靈蘭之室 茶餘酒後

   ……休息している閑な時間

日進月歩

現代医学は日進月歩で,ついこの間まで不治とされていたものが,それほどまで絶望することはない,という。無論結構なことである。しかし,考えてみると,最先端の知識に基づいて摂生,治療していたのが,人の短い生涯の間に何度も覆されて,そんなことをしていたから病気になった,かえって良くなかったなどと言われたのではたまらない。卑近な例で,スポーツ選手が途中で水分を補給することは,ついこの間まで禁じられていた。

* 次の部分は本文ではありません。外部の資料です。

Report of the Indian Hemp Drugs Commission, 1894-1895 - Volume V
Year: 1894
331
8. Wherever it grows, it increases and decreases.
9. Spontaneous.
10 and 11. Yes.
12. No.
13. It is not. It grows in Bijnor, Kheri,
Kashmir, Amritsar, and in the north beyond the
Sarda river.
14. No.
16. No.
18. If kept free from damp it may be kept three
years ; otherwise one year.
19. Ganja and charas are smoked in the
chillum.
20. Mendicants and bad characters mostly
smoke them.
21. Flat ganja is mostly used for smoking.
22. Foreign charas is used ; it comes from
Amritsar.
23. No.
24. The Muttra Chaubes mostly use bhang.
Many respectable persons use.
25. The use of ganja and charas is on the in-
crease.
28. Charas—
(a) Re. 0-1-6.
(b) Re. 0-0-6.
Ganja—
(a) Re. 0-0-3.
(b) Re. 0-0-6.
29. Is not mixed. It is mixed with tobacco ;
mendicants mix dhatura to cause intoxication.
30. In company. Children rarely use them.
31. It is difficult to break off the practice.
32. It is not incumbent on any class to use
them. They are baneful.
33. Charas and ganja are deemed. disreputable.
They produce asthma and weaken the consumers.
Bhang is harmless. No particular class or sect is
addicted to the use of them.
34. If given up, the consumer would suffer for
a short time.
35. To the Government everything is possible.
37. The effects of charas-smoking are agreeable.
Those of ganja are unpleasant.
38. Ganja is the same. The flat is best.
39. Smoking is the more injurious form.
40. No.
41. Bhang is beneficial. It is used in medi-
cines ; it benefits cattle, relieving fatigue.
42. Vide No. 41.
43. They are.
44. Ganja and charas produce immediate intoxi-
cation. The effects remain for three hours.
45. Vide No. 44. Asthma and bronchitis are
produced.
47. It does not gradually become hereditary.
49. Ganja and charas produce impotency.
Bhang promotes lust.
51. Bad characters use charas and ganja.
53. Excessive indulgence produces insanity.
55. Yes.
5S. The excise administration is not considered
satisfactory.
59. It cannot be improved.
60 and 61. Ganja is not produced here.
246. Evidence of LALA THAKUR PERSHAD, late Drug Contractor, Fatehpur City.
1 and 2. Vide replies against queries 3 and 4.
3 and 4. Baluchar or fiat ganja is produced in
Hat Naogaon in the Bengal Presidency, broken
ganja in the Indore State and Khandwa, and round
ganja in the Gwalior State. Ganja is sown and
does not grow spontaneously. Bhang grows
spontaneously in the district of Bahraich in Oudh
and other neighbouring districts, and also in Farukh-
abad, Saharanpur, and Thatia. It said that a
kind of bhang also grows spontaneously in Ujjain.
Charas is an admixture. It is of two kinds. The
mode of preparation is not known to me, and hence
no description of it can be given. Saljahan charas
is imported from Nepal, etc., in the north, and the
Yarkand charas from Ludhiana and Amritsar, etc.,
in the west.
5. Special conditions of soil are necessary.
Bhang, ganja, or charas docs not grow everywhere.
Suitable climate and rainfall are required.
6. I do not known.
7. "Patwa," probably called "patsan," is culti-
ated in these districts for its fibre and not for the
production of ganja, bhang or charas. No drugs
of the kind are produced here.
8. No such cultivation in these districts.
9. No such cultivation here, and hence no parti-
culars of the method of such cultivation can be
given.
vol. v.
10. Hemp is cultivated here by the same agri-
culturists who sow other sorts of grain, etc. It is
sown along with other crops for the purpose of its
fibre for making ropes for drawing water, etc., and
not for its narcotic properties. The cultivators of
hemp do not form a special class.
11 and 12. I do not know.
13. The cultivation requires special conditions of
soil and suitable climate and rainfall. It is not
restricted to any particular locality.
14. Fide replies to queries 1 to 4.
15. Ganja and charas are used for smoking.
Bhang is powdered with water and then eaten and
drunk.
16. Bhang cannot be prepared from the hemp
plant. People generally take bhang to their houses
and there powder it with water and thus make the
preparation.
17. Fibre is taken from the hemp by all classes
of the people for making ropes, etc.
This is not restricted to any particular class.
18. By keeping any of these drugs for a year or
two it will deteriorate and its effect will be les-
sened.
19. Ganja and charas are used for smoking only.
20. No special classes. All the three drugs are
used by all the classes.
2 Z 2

これはコーチの精神主義,根性論が元凶だったのであろうが,すくなくともスポーツ医学による指導が根性論を打破するには無力だったということである,ついこの間までは。これでは熱中症で死んだ子供は浮かばれない。ひどい腰痛にはさっさとメスを入れるというのも30数年前には先端的な考えだったそうです。でもだいぶ前から反省が有って,むやみにメスを入れないというのが現在の先端的な考えだそうです。むかし最先端に走った人には取り返しがつかない。虫垂炎も,虫垂なんてものは人間にとって無用であるから,疑わしければ切除しておけ,というのが常識であった。明日から(盆休みとか年末年始の)休暇に入るから,今日の内に手術してしまう,なんてことも別に批判の対象にはならなかった。でもね,手術の痕が季節の変わり目に,やっぱり痛むんだそうです。なんとなく不調なんだそうです。そこで,不要な手術はするな,虫垂炎も散らせるんだったら散らし切れ,という傾向もぽちぽち出てきたそうです。虫垂炎の手遅れで亡くなる,なんてこともついこの間までは有ったんですから,疑わしければ切除してしまえという方針を今更批難するのもなんだけど,どうして手術なんかしたの?と同情される日ももうそこまで来ている。

日進月歩しない医学というのも,案外すてたものではないかも知れない。